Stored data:
┌──
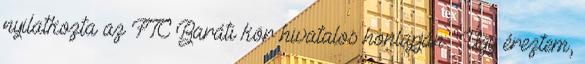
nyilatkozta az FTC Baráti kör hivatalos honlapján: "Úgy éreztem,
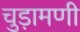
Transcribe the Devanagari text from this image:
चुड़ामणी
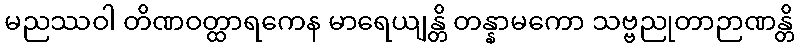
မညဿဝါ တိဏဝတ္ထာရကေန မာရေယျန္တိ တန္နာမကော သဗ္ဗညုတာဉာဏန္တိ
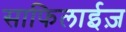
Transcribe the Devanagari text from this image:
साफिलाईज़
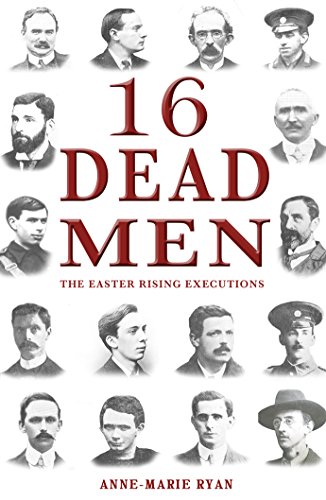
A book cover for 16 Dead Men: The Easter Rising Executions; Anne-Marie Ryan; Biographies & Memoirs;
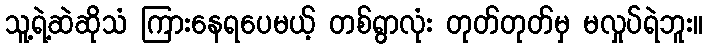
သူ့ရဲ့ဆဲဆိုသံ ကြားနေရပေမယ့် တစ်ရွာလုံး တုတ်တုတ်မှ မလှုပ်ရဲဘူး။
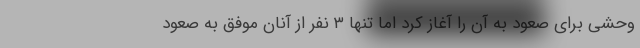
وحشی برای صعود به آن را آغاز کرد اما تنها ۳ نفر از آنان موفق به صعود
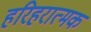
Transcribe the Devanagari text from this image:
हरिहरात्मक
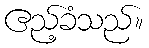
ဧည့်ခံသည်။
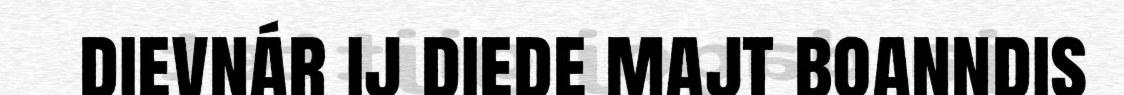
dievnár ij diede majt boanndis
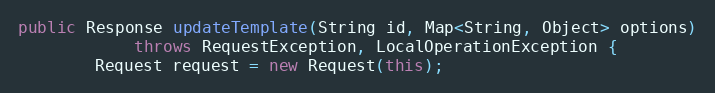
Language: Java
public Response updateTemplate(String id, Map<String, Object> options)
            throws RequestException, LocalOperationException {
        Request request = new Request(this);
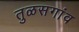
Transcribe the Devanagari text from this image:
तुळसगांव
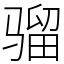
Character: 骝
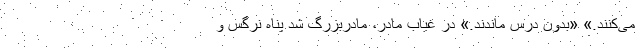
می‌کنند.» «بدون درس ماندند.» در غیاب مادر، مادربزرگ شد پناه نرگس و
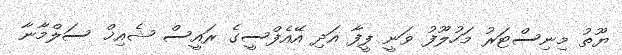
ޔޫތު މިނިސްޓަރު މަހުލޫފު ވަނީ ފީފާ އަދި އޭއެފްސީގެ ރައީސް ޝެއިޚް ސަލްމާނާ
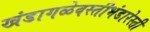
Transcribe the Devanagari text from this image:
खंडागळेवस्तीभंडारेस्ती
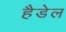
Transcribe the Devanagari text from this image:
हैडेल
└──
__The problem__. Please output, exactly and with no pictures, only the lines from the one containing "Character: 骝" through the final line of the records above.

__Answer space__.
Character: 骝
می‌کنند.» «بدون درس ماندند.» در غیاب مادر، مادربزرگ شد پناه نرگس و
ޔޫތު މިނިސްޓަރު މަހުލޫފު ވަނީ ފީފާ އަދި އޭއެފްސީގެ ރައީސް ޝެއިޚް ސަލްމާނާ
Transcribe the Devanagari text from this image:
खंडागळेवस्तीभंडारेस्ती
Transcribe the Devanagari text from this image:
हैडेल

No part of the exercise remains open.